▸ DIRECTIONS FOR THIS TASK: What you return must match the listing below exactly, minus any pictures.

▸ RECORDS TO USE:
+===+

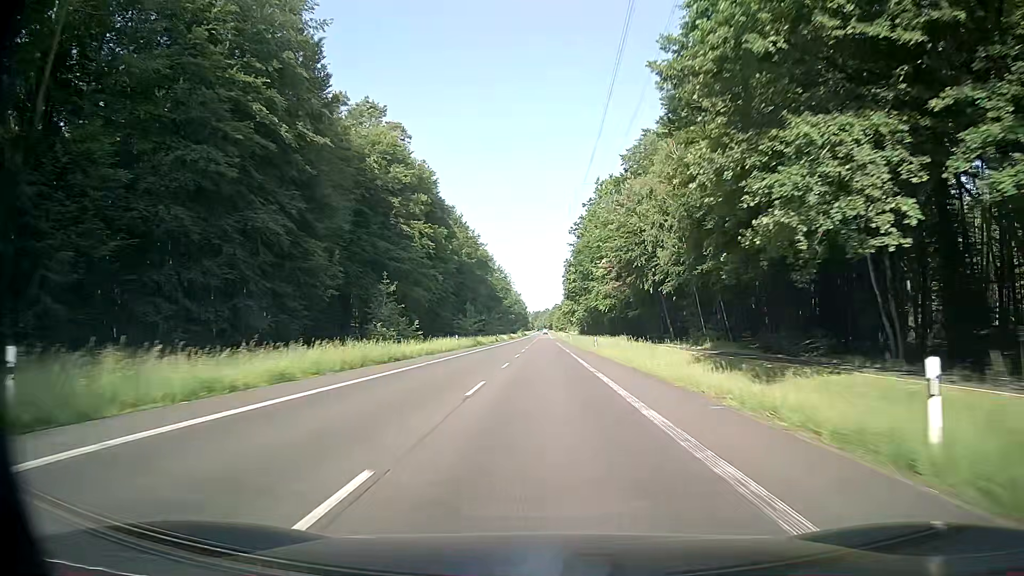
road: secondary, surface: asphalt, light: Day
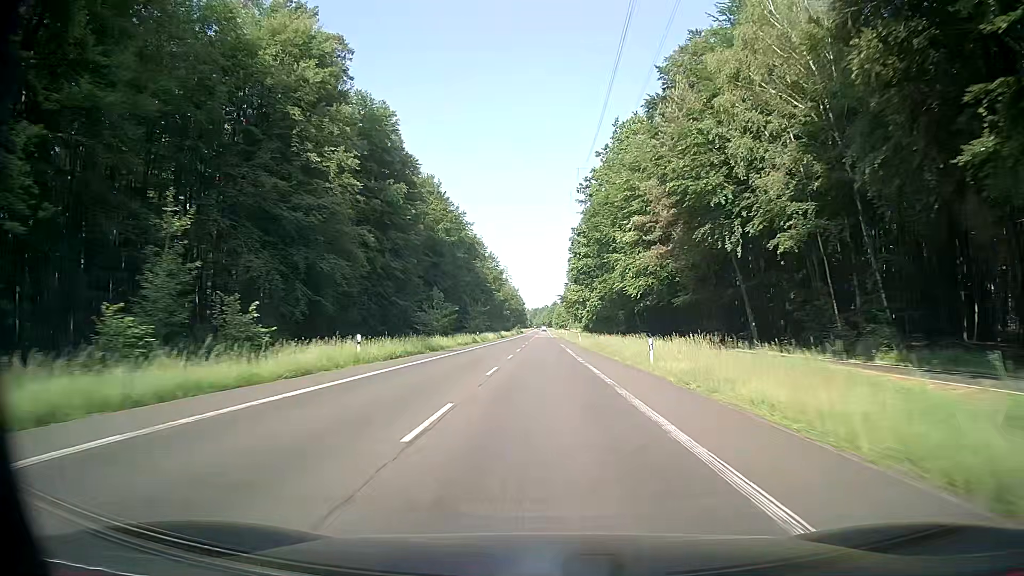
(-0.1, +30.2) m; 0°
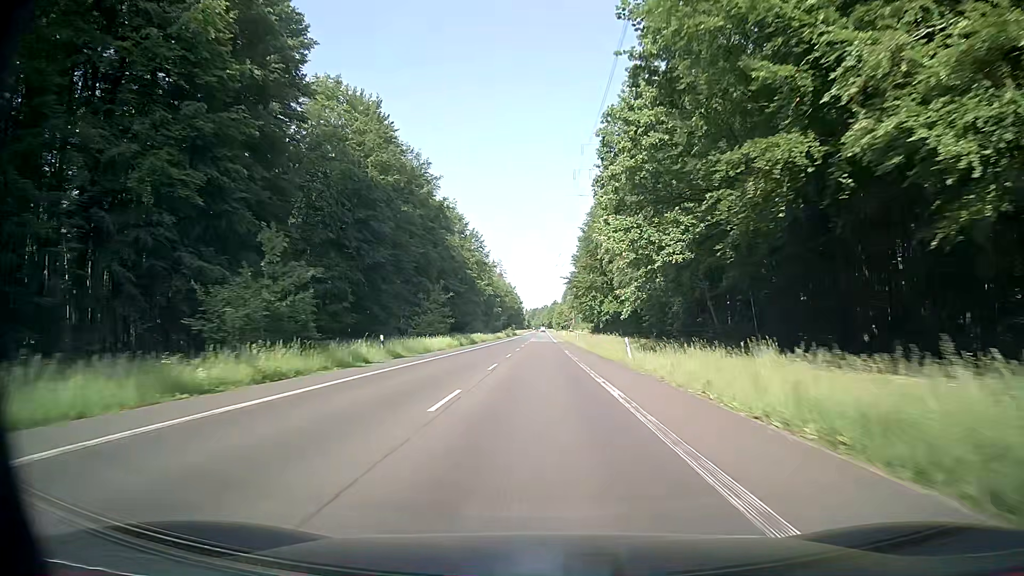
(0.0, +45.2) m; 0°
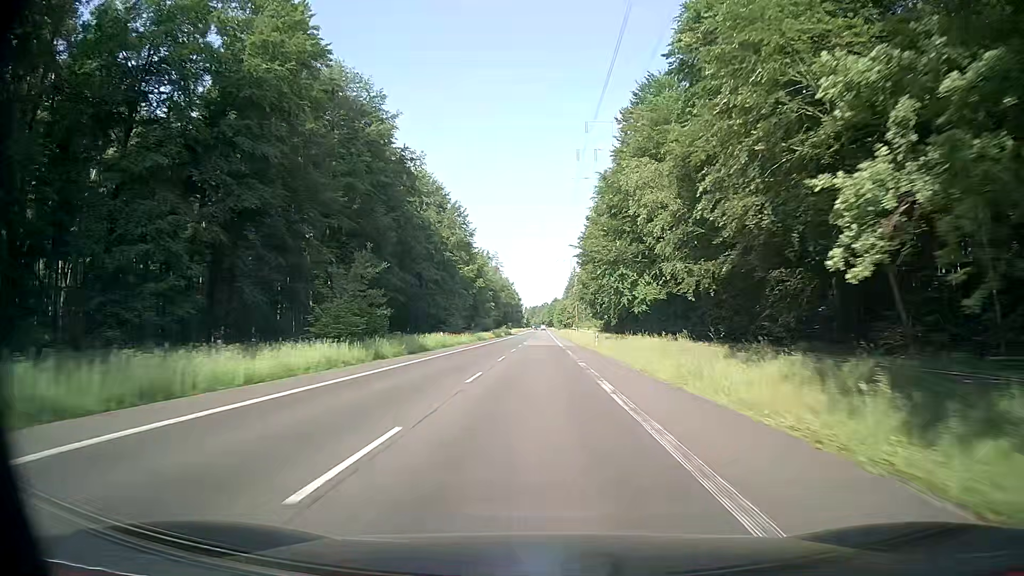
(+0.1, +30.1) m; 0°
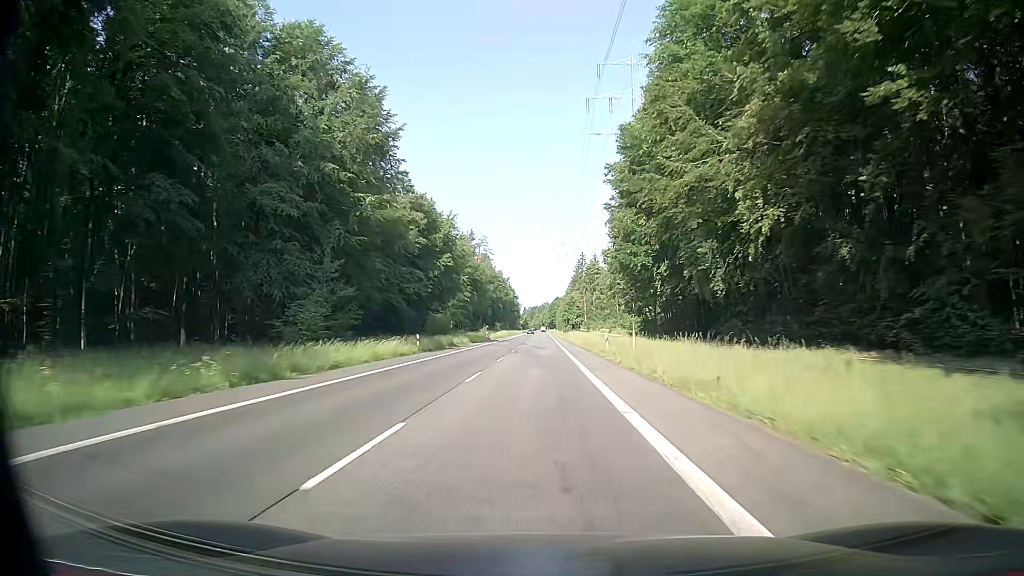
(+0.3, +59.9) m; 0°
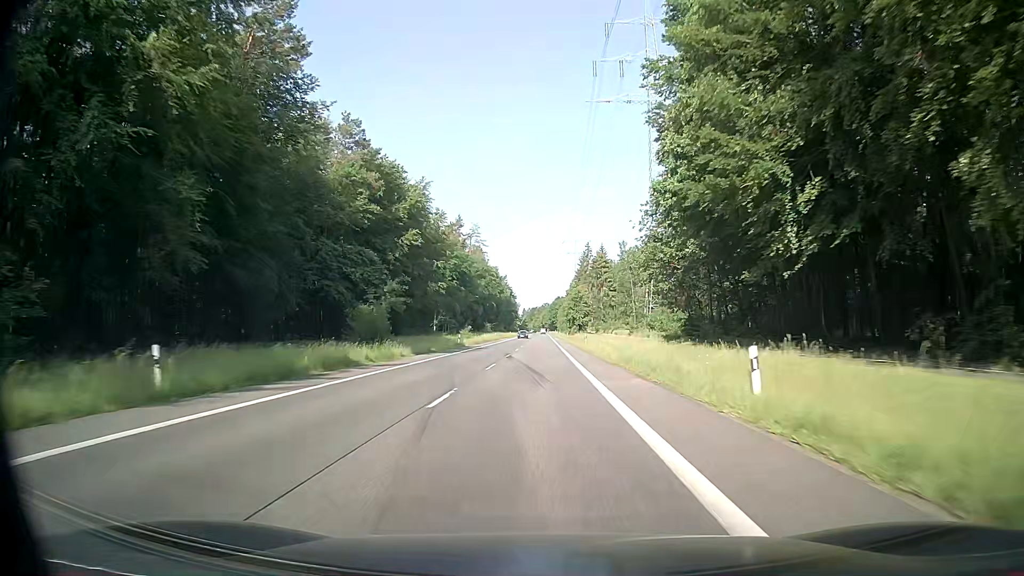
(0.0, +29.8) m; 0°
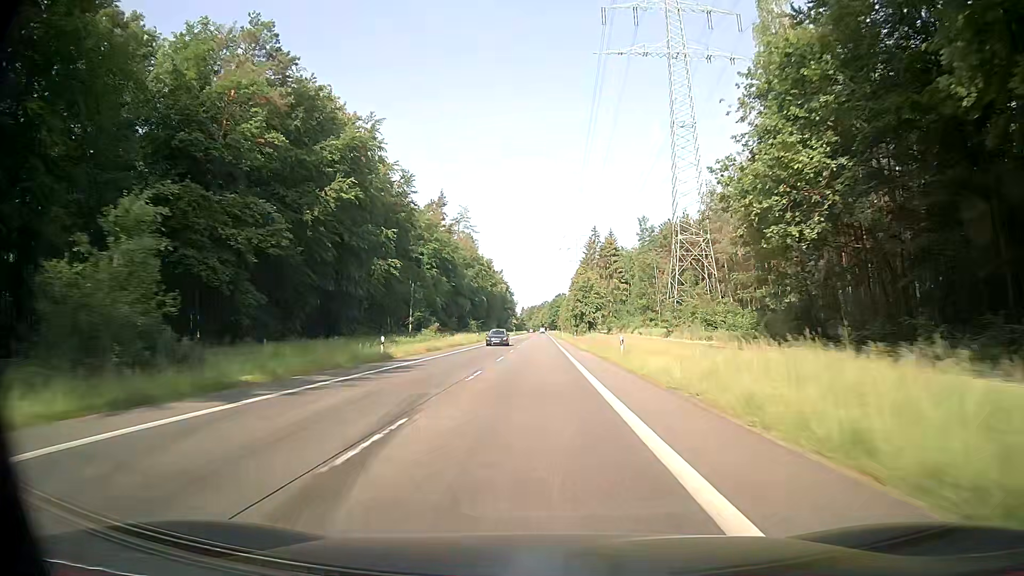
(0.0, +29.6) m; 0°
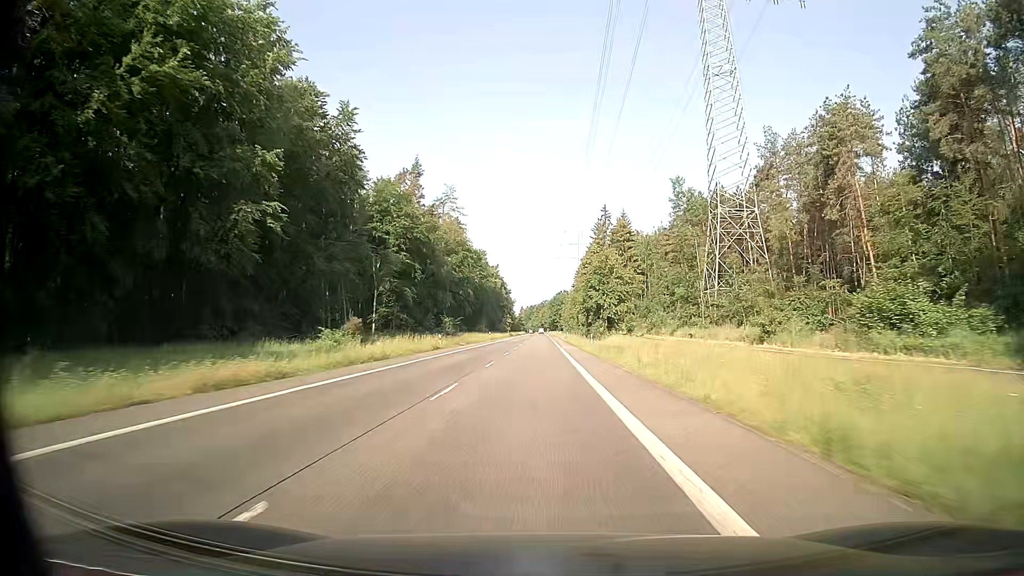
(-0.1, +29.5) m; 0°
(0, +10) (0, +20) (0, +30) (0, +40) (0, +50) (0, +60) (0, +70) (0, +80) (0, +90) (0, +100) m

+===+

▸ REPLY:
road: secondary, surface: asphalt, light: Day
(-0.1, +30.2) m; 0°
(0.0, +45.2) m; 0°
(+0.1, +30.1) m; 0°
(+0.3, +59.9) m; 0°
(0.0, +29.8) m; 0°
(0.0, +29.6) m; 0°
(-0.1, +29.5) m; 0°
(0, +10) (0, +20) (0, +30) (0, +40) (0, +50) (0, +60) (0, +70) (0, +80) (0, +90) (0, +100) m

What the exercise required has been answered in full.